This describes the current situation with deep learning models that are both very large and are trained and evaluated on large datasets, often requiring days or weeks to train a single model. Specifically, the test is recommended in those cases where the algorithms that are being compared can only be evaluated once, e.g. on one test set, as opposed to repeated evaluations via a resampling technique, such as k-fold cross-validation.

Contingency Table

The McNemar’s test operates upon a contingency table.

Before we dive into the test, let’s understand how the contingency table for two classifiers is calculated.

A contingency table is a count of two categorical variables. In the case of the McNemar’s test, we are interested in binary variables correct/incorrect or yes/no for a control and a treatment or $2$ cases. This is called a $2×2$ contingency table.

Consider that we have two trained classifiers. Each classifier makes binary class prediction for each of the $10$ examples in a test dataset. The predictions are evaluated and determined to be correct or incorrect.

We can then summarize these results in a table, as follows:

Instance Classifier1 Correct Classifier2 Correct
1 Yes No
2 No No
3 No Yes
4 No No
5 Yes Yes
6 Yes Yes
7 Yes Yes
8 No No
9 Yes No
10 Yes Yes

We can see that Classifier1 got $6$ correct, or an accuracy of $60\%$, and Classifier2 got $5$ correct, or $50\%$ accuracy on the test set.

The table can now be reduced to a contingency table.

The contingency table relies on the fact that both classifiers were trained on exactly the same training data and evaluated on exactly the same test data instances.

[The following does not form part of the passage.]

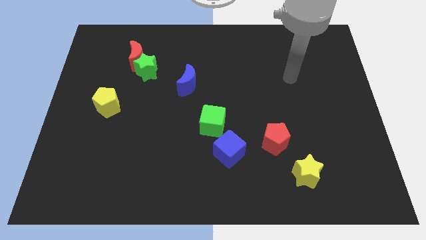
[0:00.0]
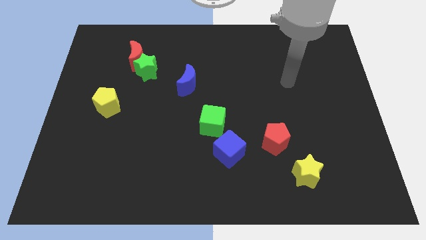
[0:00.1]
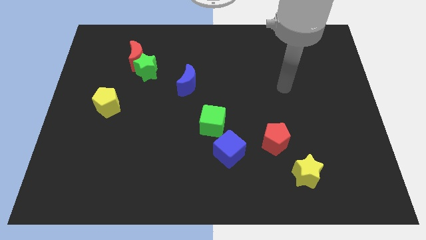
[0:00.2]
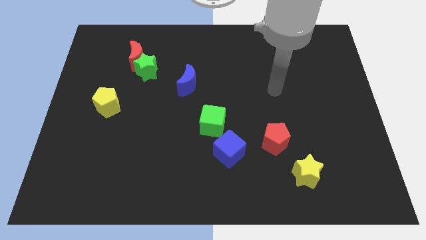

The contingency table has the following structure:

Classifier2 Correct Classifier2 Incorrect
Classifier1 Correct ?? ??
Classifier1 Incorrect ?? ??

In the case of the first cell in the table, we must sum the total number of test instances that Classifier1 got correct and Classifier2 got correct. For example, the first instance that both classifiers predicted correctly was instance number $5$. The total number of instances that both classifiers predicted correctly was $4$.

Another more programmatic way to think about this is to sum each combination of Yes/No in the results table above.

Classifier2 Correct Classifier2 Incorrect
Classifier1 Correct yes/yes yes/no
Classifier1 Incorrect no/yes no/no

The results organized into a contingency table are as follows:

Classifier2 Correct Classifier2 Incorrect
Classifier1 Correct 4 2
Classifier1 Incorrect 1 3

McNemar’s Test Statistic

McNemar’s test is a paired nonparametric or distribution-free statistical hypothesis test. It is also less intuitive than some other statistical hypothesis tests.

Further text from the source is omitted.